Sin los lentes, los ojos de El Inadaptado se veían enrojecidos, pálidos e indefensos. “Llévensela y arrójenla donde están los otros”, dijo, recogiendo al gato que se frotaba en su pierna.

“¿Era una habladora, verdad?”, dijo Bobby Lee con voz cantarina resbalando hacia la zanja.

“Ella habría sido una buena mujer”, dijo El Inadaptado, “si hubiese habido alguien que le disparara a cada momento.”

“¡Esto es divertido!”, dijo Bobby Lee.

“Cállate, Bobby Lee,” dijo El Inadaptado. “No hay goce verdadero en la vida.” Ω

 


[1] Traducción de José A. Aguilar V. a partir de  “A good man is hard to find” en Flannery O’Connor, The Complete Stories. Farrar, Straus and Giroux. New York. 1971.
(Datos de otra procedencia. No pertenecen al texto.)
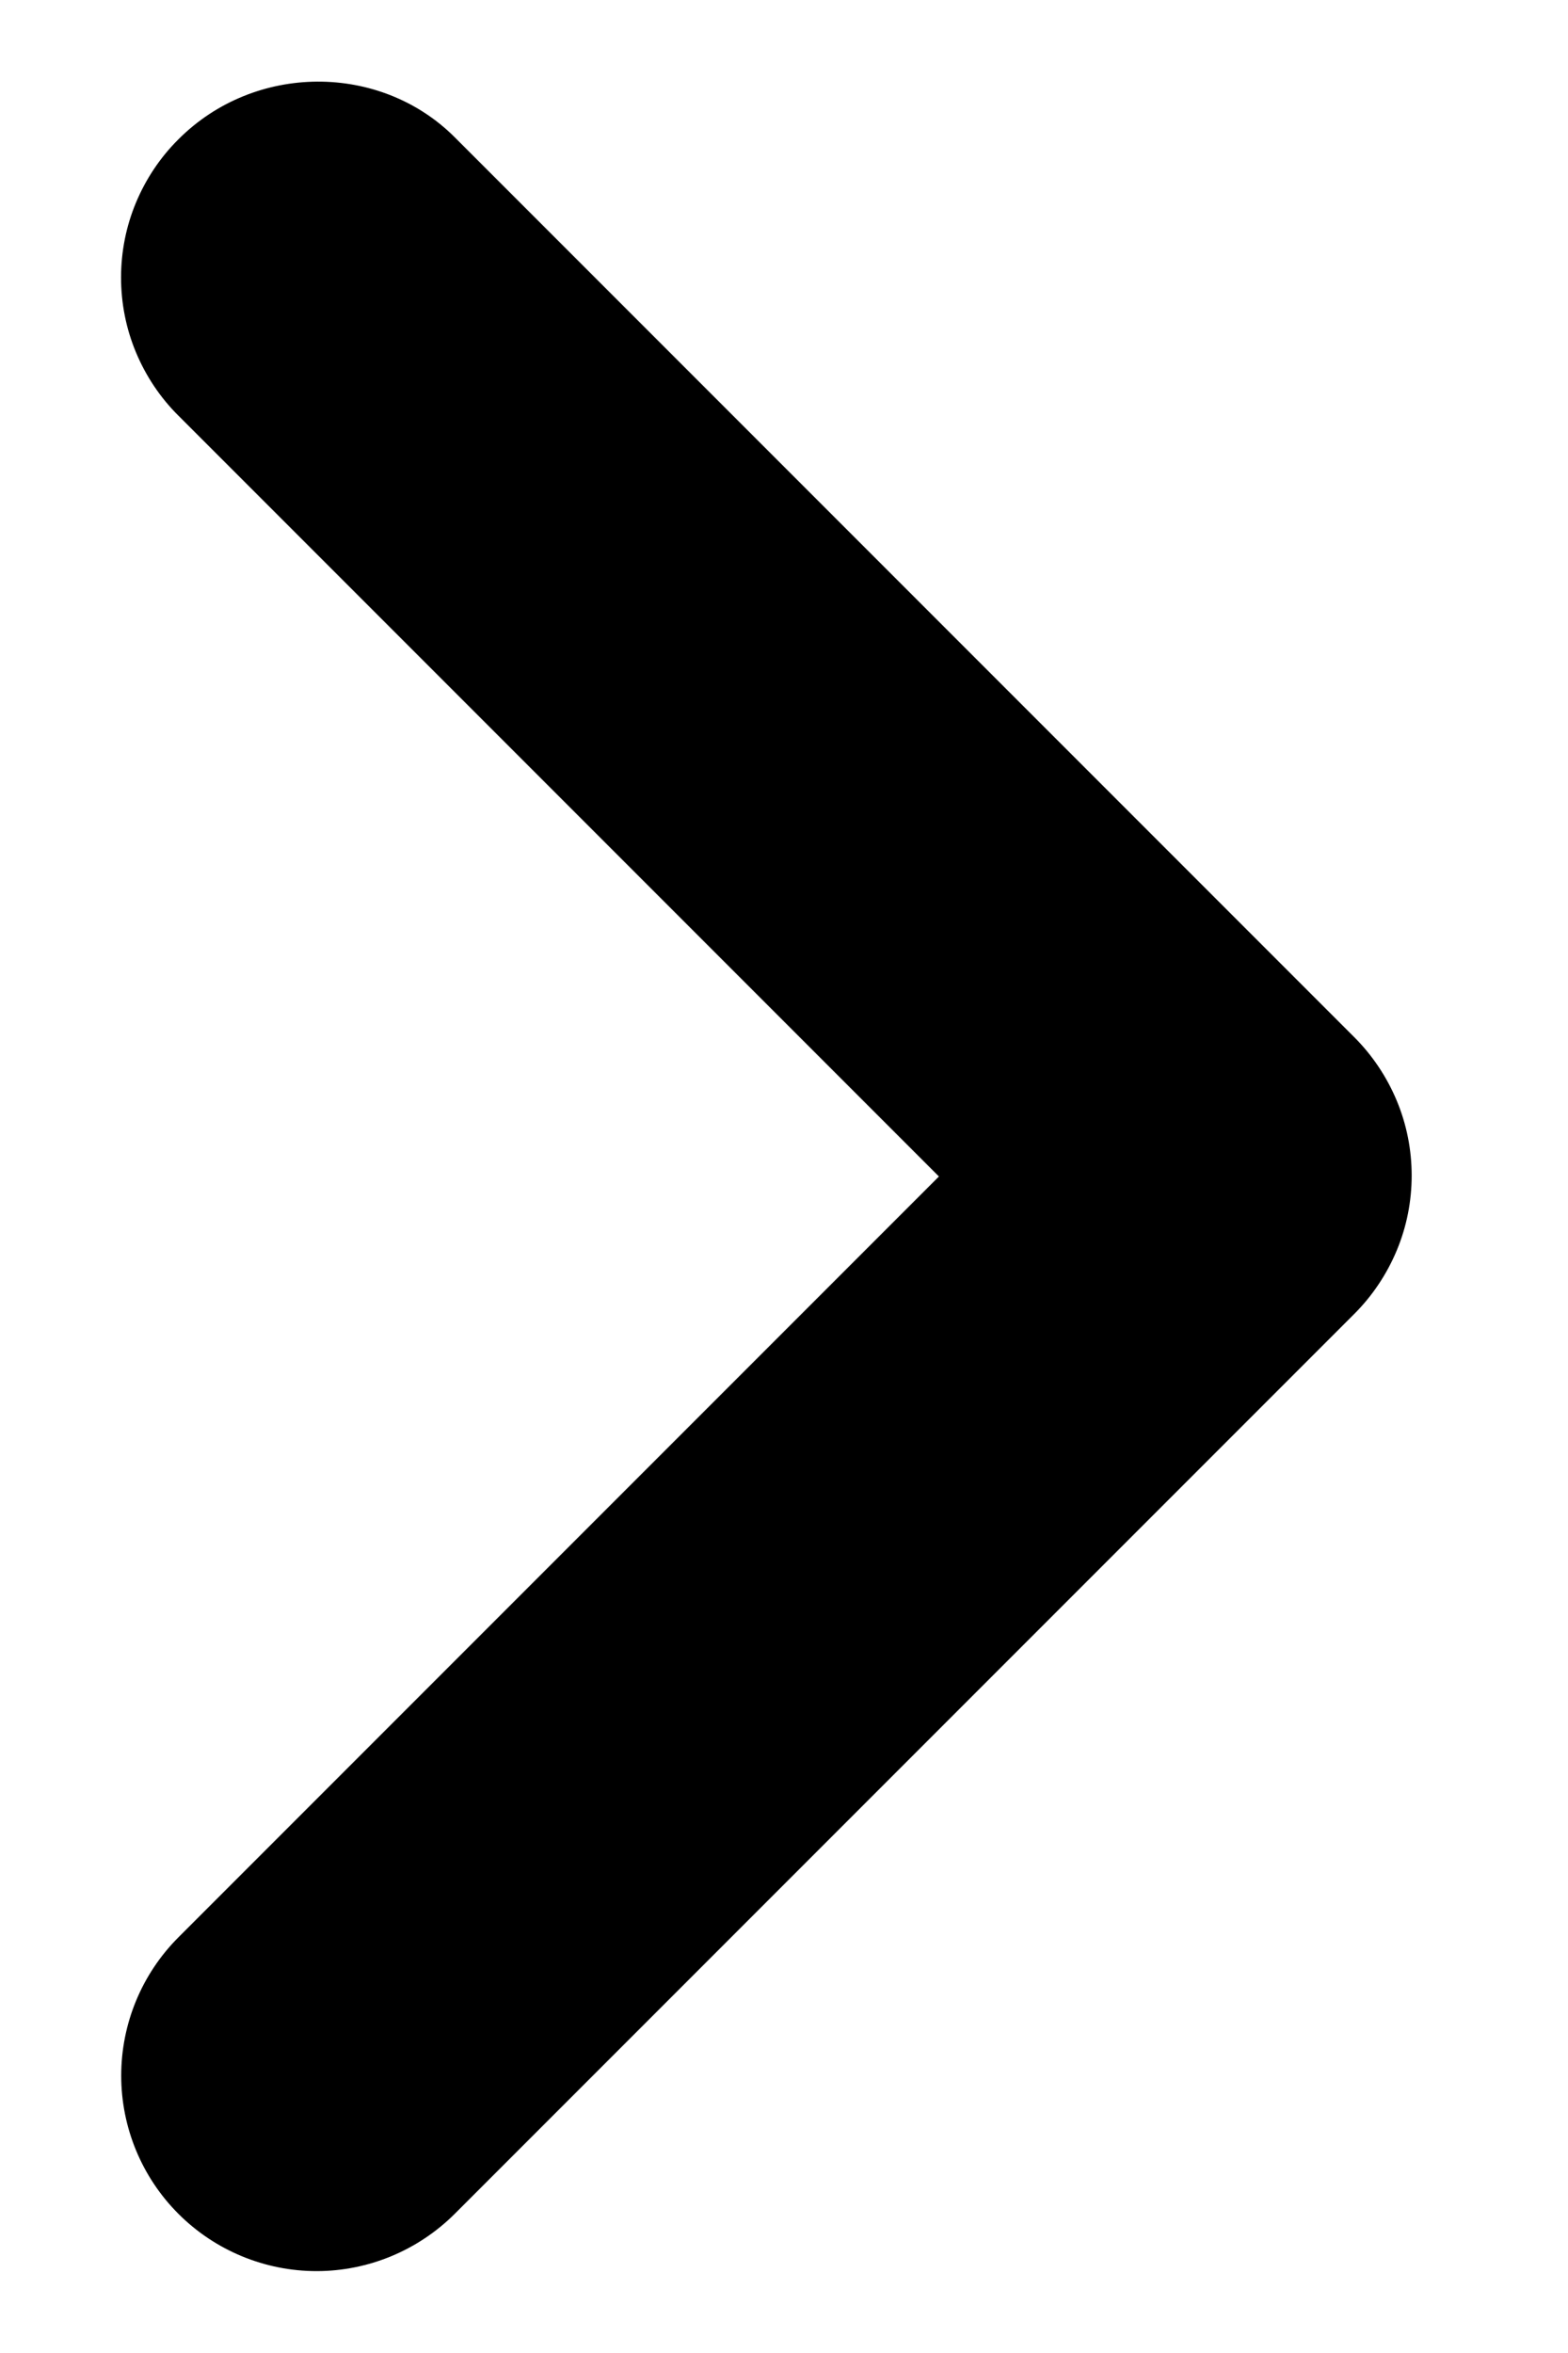 <svg width="10" height="15" viewBox="0 0 10 15" fill="none" xmlns="http://www.w3.org/2000/svg">
<path d="M1.138 0.888C1.022 1.003 0.93 1.141 0.867 1.292C0.804 1.443 0.772 1.605 0.772 1.769C0.772 1.933 0.804 2.095 0.867 2.246C0.93 2.397 1.022 2.535 1.138 2.65L5.988 7.5L1.138 12.35C0.904 12.584 0.773 12.901 0.773 13.232C0.773 13.562 0.904 13.879 1.138 14.113C1.371 14.346 1.688 14.478 2.019 14.478C2.349 14.478 2.666 14.346 2.9 14.113L8.638 8.375C8.753 8.26 8.845 8.122 8.908 7.971C8.971 7.82 9.003 7.658 9.003 7.494C9.003 7.33 8.971 7.168 8.908 7.017C8.845 6.866 8.753 6.728 8.638 6.613L2.9 0.875C2.425 0.4 1.625 0.4 1.138 0.888Z" fill="black"/>
</svg>
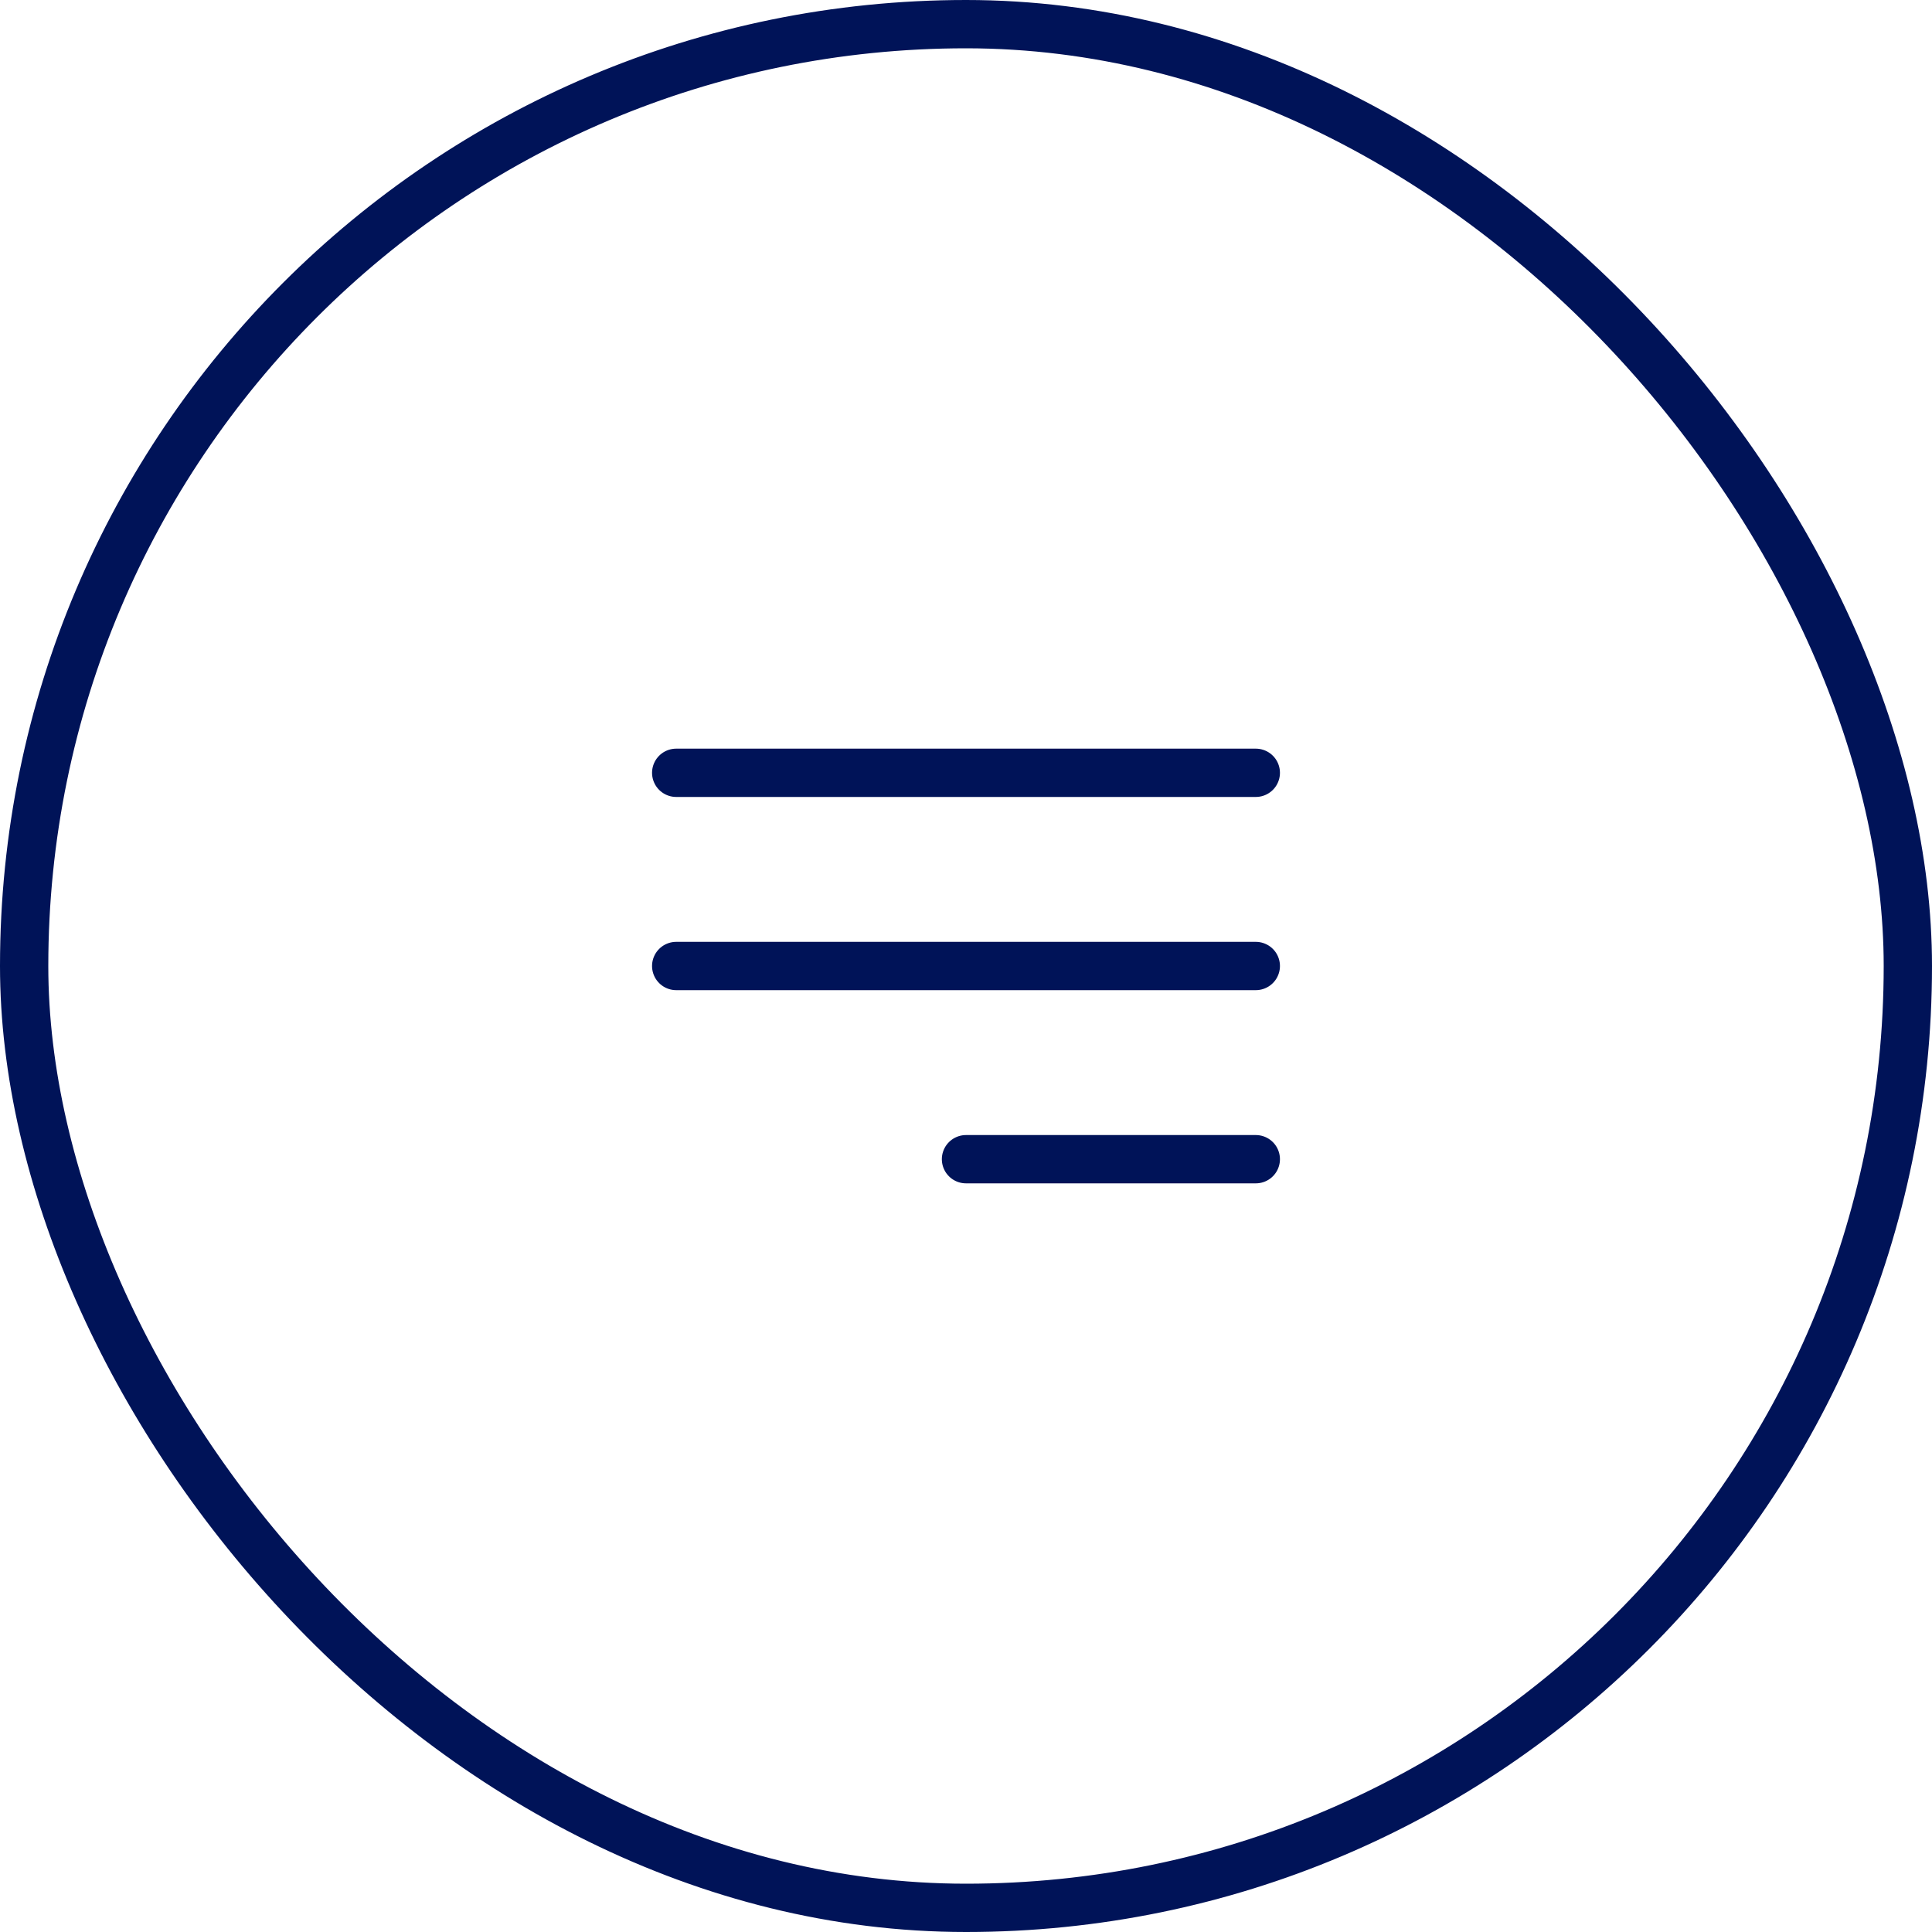 <?xml version="1.0" encoding="UTF-8"?> <svg xmlns="http://www.w3.org/2000/svg" width="40" height="40" viewBox="0 0 40 40" fill="none"><rect data-figma-bg-blur-radius="4" x="0.5" y="0.5" width="39" height="39" rx="19.5" stroke="#001358"></rect><path d="M20 24H26M14 20H26M14 16H26" stroke="#001358" stroke-linecap="round" stroke-linejoin="round"></path><defs><clipPath id="bgblur_0_22_8_clip_path" transform="translate(4 4)"><rect x="0.5" y="0.5" width="39" height="39" rx="19.5"></rect></clipPath></defs></svg>

[2] Flannery O’Connor (Savannah, Gerogia, 25 de marzo de 1925–3 de agosto de 1964) Considerada entre los mejores escritores estadounidenses del siglo XX. Publicó dos novelas y 32 relatos, ensayos y reseñas. Su obra trasciende el ámbito local (el sur de Estados Unidos) para crear ficciones de alcance universal. (Tomado y adaptado de: http://es.wikipedia.org/wiki/Flannery_O’Connor el 26 de abril de 2014).

[3] Referencia a la famosa novela Lo que el viento se llevó (Margaret Mitchell) y a su no menos famosa secuela cinematográfica, que suceden en una plantación del la época de la Guerra de Secesión. (Nota del traductor.)